Check every line of the entries below for "frac", and copy the lines that have it.
(Input material Opens)
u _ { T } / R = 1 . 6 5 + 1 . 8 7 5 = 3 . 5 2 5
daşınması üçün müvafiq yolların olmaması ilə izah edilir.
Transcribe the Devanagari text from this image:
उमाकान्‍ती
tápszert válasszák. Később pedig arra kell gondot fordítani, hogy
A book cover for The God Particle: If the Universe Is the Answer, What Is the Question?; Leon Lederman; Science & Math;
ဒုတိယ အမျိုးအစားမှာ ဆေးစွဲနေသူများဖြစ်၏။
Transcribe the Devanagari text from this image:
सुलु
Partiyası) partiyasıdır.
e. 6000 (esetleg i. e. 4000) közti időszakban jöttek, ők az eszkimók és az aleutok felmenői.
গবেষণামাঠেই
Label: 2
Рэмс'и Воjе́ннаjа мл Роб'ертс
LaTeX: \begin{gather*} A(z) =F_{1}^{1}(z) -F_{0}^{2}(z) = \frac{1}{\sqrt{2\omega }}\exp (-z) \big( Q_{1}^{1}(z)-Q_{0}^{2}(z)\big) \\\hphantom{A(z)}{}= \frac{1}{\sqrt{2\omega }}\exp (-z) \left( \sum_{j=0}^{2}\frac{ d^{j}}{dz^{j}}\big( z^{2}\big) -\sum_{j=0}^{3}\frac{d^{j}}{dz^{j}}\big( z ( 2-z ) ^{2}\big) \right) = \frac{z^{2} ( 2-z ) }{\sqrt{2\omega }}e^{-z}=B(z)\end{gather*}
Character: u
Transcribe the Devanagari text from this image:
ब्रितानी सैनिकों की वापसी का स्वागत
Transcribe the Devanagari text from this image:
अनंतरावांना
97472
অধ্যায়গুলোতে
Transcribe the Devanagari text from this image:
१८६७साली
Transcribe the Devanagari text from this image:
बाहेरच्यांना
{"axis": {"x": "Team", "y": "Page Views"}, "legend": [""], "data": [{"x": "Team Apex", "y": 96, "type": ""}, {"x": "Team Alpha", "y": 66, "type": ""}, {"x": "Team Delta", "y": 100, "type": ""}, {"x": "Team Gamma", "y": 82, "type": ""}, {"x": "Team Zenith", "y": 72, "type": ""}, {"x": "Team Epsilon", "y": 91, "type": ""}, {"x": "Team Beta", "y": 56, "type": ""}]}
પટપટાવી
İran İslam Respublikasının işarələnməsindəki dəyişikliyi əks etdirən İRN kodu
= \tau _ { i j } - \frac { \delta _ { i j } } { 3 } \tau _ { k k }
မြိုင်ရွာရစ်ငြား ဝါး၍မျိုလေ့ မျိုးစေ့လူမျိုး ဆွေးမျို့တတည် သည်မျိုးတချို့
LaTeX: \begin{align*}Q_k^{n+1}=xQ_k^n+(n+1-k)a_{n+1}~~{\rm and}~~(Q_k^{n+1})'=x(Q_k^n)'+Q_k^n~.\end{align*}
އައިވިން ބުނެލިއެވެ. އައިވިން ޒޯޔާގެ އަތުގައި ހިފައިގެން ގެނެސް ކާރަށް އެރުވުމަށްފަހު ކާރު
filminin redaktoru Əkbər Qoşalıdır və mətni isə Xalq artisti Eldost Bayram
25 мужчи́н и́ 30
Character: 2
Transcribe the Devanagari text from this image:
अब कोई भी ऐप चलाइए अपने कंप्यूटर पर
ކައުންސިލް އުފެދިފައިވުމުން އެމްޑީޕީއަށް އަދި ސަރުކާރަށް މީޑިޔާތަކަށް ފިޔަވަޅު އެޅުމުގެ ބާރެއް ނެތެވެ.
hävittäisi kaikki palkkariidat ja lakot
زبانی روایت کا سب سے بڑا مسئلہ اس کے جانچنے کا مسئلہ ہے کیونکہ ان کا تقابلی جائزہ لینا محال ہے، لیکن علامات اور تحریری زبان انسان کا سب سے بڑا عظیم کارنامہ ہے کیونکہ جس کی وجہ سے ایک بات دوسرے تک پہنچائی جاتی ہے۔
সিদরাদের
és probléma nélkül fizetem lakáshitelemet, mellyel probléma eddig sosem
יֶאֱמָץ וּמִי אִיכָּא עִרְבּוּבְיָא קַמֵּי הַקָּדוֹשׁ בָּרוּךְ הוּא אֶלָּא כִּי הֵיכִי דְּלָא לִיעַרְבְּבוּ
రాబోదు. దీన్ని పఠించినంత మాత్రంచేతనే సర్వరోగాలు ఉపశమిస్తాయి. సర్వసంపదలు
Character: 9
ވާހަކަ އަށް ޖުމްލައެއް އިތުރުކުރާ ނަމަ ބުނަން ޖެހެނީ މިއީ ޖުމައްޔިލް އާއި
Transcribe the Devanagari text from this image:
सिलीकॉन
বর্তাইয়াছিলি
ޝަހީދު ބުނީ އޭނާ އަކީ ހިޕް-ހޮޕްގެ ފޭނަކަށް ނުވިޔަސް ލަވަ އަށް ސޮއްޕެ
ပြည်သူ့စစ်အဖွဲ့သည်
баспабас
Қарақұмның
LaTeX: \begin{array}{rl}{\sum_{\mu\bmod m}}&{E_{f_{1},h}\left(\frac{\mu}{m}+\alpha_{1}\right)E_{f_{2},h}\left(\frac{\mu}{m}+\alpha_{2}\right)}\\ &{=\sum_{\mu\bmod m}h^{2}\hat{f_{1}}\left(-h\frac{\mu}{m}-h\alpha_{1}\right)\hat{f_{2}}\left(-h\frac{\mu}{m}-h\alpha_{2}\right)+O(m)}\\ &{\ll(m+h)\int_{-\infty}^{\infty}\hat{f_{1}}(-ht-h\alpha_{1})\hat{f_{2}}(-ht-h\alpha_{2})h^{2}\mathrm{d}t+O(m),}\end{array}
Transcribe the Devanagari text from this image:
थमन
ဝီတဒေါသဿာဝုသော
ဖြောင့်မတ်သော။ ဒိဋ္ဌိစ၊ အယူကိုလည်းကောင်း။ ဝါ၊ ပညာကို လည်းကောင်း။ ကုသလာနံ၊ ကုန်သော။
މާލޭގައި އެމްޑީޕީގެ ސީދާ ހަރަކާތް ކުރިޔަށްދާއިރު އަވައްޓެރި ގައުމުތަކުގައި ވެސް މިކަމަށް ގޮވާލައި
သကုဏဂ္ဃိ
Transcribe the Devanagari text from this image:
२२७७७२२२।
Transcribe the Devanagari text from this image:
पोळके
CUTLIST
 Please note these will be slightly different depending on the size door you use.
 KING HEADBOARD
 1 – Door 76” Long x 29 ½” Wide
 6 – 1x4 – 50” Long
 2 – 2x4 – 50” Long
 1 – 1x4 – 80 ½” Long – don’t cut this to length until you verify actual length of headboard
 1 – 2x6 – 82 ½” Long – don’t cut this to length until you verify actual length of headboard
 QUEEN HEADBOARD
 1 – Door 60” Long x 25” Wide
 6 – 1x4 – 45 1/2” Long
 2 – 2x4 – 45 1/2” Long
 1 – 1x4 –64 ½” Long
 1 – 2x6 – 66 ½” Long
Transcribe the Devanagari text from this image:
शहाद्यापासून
(Input material Closes)
■ **Response to this task**:
LaTeX: \begin{gather*} A(z) =F_{1}^{1}(z) -F_{0}^{2}(z) = \frac{1}{\sqrt{2\omega }}\exp (-z) \big( Q_{1}^{1}(z)-Q_{0}^{2}(z)\big) \\\hphantom{A(z)}{}= \frac{1}{\sqrt{2\omega }}\exp (-z) \left( \sum_{j=0}^{2}\frac{ d^{j}}{dz^{j}}\big( z^{2}\big) -\sum_{j=0}^{3}\frac{d^{j}}{dz^{j}}\big( z ( 2-z ) ^{2}\big) \right) = \frac{z^{2} ( 2-z ) }{\sqrt{2\omega }}e^{-z}=B(z)\end{gather*}
= \tau _ { i j } - \frac { \delta _ { i j } } { 3 } \tau _ { k k }
LaTeX: \begin{array}{rl}{\sum_{\mu\bmod m}}&{E_{f_{1},h}\left(\frac{\mu}{m}+\alpha_{1}\right)E_{f_{2},h}\left(\frac{\mu}{m}+\alpha_{2}\right)}\\ &{=\sum_{\mu\bmod m}h^{2}\hat{f_{1}}\left(-h\frac{\mu}{m}-h\alpha_{1}\right)\hat{f_{2}}\left(-h\frac{\mu}{m}-h\alpha_{2}\right)+O(m)}\\ &{\ll(m+h)\int_{-\infty}^{\infty}\hat{f_{1}}(-ht-h\alpha_{1})\hat{f_{2}}(-ht-h\alpha_{2})h^{2}\mathrm{d}t+O(m),}\end{array}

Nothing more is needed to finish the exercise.